EXERCISE BRIEF: For this exercise, restate word for word only the lines from the one containing "8.0 seconds past image 1." through the last line below. Pictures do not get copied.
=== Section Start ===
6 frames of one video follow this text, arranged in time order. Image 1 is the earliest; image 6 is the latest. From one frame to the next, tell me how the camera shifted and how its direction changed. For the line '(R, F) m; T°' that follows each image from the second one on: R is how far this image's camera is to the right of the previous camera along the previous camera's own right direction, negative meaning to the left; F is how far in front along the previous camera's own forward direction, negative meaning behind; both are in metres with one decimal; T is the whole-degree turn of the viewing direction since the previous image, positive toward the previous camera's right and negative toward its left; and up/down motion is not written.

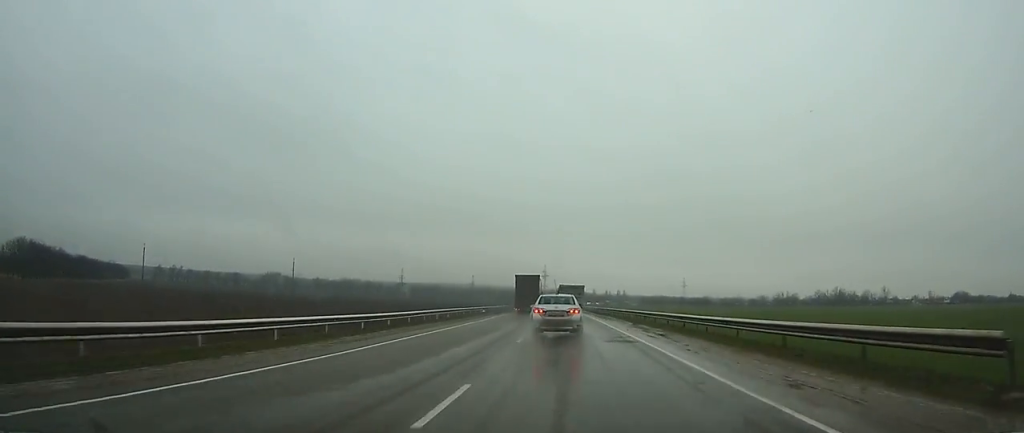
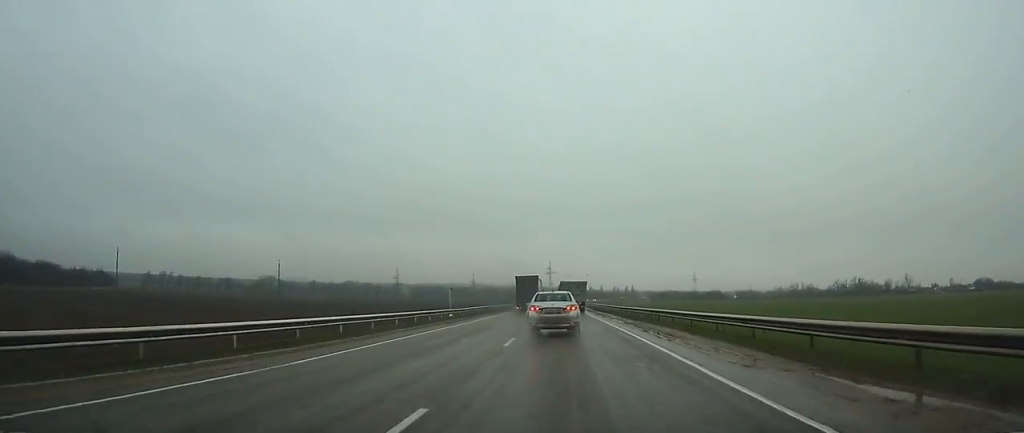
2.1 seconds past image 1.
(-0.1, +24.6) m; 0°
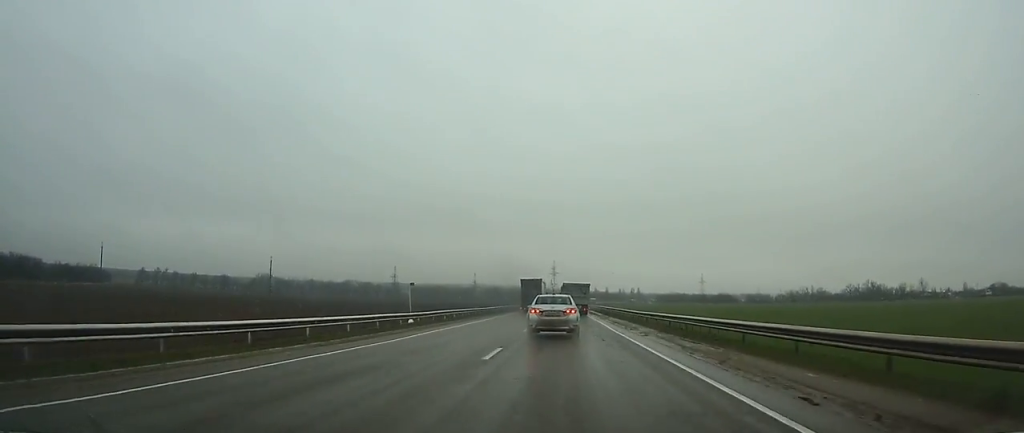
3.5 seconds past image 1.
(0.0, +15.0) m; 0°
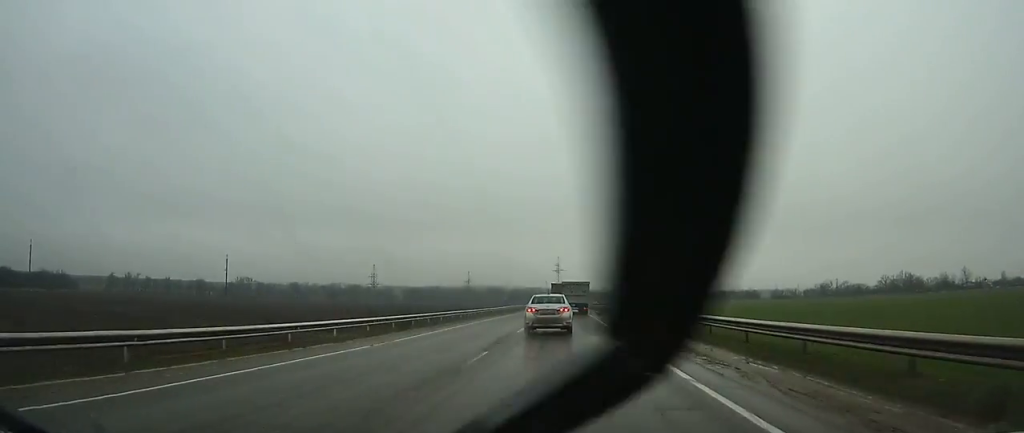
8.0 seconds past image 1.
(-0.2, +48.9) m; 0°
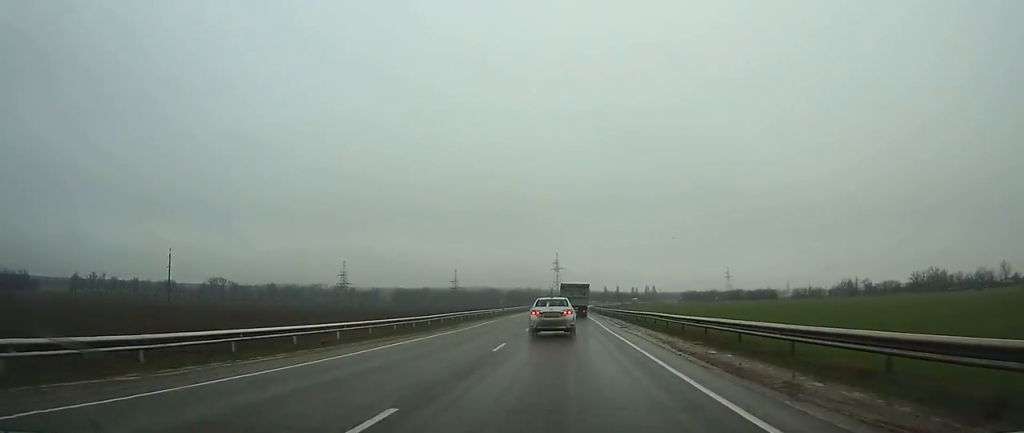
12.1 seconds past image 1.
(+0.1, +43.5) m; -1°
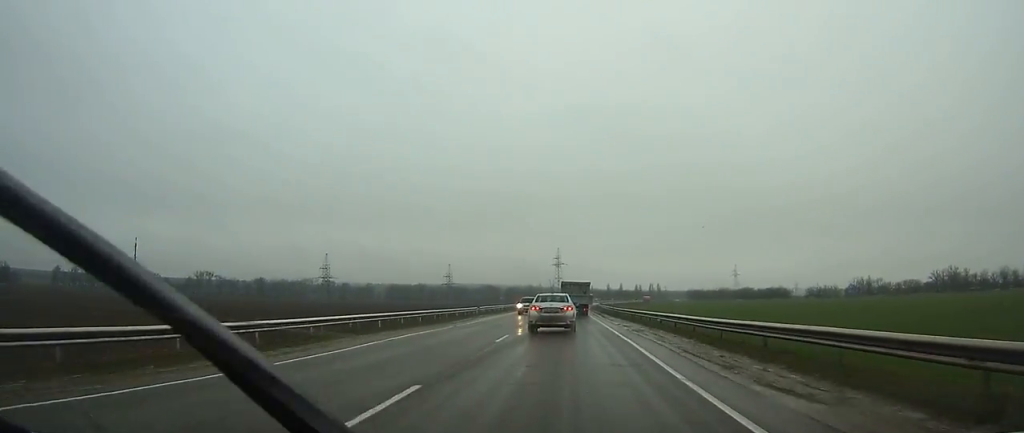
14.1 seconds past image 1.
(-0.2, +22.6) m; -1°
=== Section End ===
OUTPUT OF THE TASK:
8.0 seconds past image 1.
(-0.2, +48.9) m; 0°
12.1 seconds past image 1.
(+0.1, +43.5) m; -1°
14.1 seconds past image 1.
(-0.2, +22.6) m; -1°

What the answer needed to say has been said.